Named Entity/OOV detection from Automatic Speech Recognizer's hypothesis

From Cohen Courses
Named EntityNamed Entity/OOV detection from Automatic Speech Recognizer's hypothesis
Jump to navigationJump to search

Group Members

What we plan to do with what data

In this project, we plan to

  • investigate and analyze the performance of named entity recognition in broadcast news speech output.
  • explore various rescoring techniques and usefulness of external resources to provide additional information along with local contexts surrounding the candidate named entities.
  • We will use the TDT4 corpus on LDC:
   * Text annotations and transcripts
   * Speech

Why we think it’s interesting

  • Recognizing Named Entities from speech or at least detecting the ASR errors caused by Named Entities have been a challenging problem in itself.
  • Although, this problem has been around for a while, it is still interesting given the trend that spoken dialog interfaces like Google Voice Search

would compete with traditional textual interfaces for search.

  • This problem may tunnel into the domain of less well-behaved texts and other non-conventional usage of Named Entities like in the case of spontaneous speech, OCR etc.
  • Miller et al. '97 observed a motivational reason to consider NE extraction from speech as a problem of interest.

They found that OOV rate for words that are part of named-entities can be as much as a factor of ten greater than the baseline OOV for non-name words.


  • Related work
  * Miller et al. '97 (Named Entity Extraction from Noisy Input)
  * Benoit et al. '05 (similar work on french broadcast news)  
  * Palmer and Ostendorf '05(Improving out of vocabulary name resolution)
  * Palmer and Ostendorf '01 (Improving Information Extraction by Modeling Errors in Speech Recognizer Output)
  * Chung et al. '04(A Dynamic Vocabulary Spoken Dialogue Interface)

What techniques we plan to use.

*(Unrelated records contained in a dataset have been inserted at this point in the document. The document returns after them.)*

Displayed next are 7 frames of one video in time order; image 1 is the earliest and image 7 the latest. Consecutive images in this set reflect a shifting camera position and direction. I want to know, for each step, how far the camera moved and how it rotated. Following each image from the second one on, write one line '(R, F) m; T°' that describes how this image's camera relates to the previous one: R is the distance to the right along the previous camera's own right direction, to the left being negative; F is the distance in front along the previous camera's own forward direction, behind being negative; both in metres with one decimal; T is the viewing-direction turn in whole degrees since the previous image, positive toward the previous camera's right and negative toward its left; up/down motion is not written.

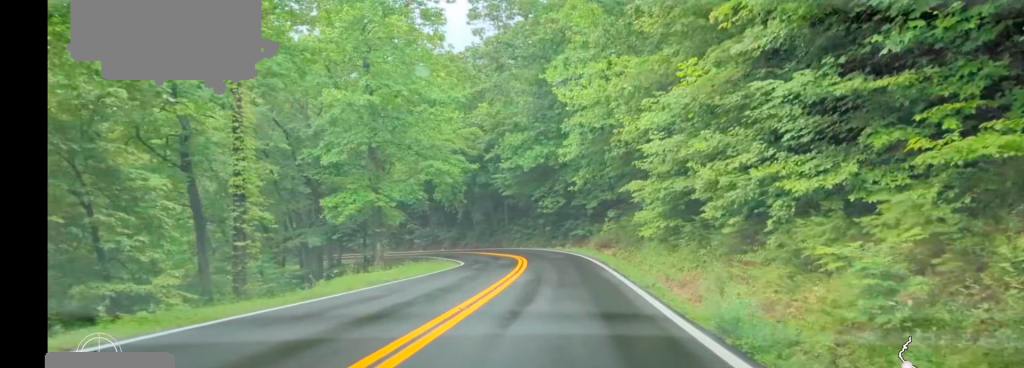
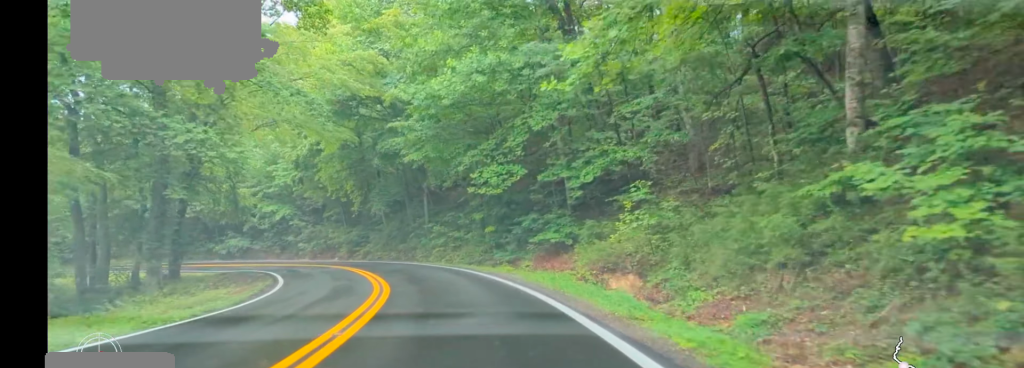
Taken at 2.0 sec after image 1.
(+1.7, +27.6) m; +2°
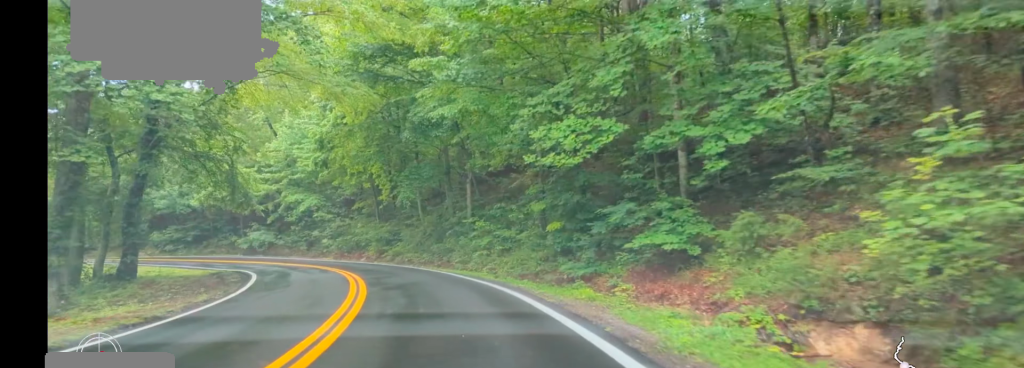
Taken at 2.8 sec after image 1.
(-0.2, +9.8) m; -5°
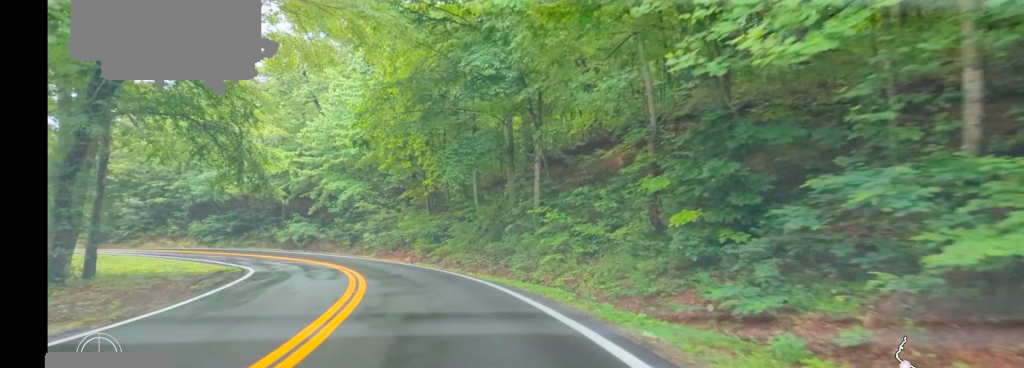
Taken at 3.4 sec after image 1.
(0.0, +8.8) m; -7°
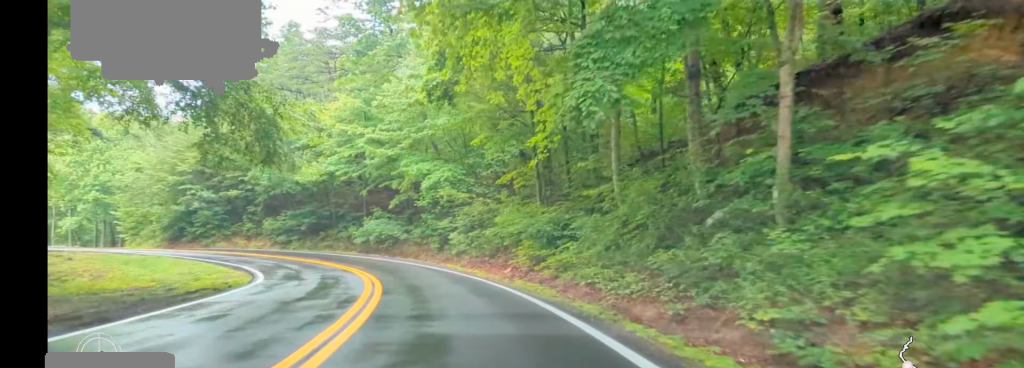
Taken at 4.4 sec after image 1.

How we plan to evaluate our work.

  • We plan to first do an implementation of a good published method to use as the baseline. From there, we will try to come up with ways to improve it, either with feature engineering or with the model. Currently, we are still surveying the literature to search for good known methods. Once we know what has already been explored, we will have a better idea of what to try.
  • To obtain labels for the training data, we will first run a vanilla NER model on the transcribed version of the data (which doesn't have punctuation and capitalization information). Doing this will give labels at almost the same accuracy level as that obtained from running on data with punctuation and capitalization, as shown by an early work (Miller et al. '97).

What question you want to answer?

  • Whether external resources "really" help improve speech based IE systems?
  • How much would acoustic confidence information help?

References

  • David Miller, Scan Boisen, Richard Schwartz, Rebecca Stone, Ralph Weischedel. Named Entity Extraction from Noisy Input: Speech and OCR. ACL 1997
  • David D. Palmer, Mari Ostendorf. Improving out-of-vocabulary name resolution, Computer Speech and Language 19 (2005) 107-128.
  • David D. Palmer, Mari Ostendorf. Improving Information Extraction by Modeling Errors in Speech Recognizer Output. Proceedings of the first international conference on Human language technology research, 2001.
  • G Chung, S Seneff, C Wang, L Hetherington - A dynamic vocabulary spoken dialogue interface, Proc. ICSLP, 2004.
  • Benoit Favre, Frederic Bechet, Pascal Nocera - Robust Named Entity extraction from large spoken archives, HLT/EMNLP 2005, 491-498.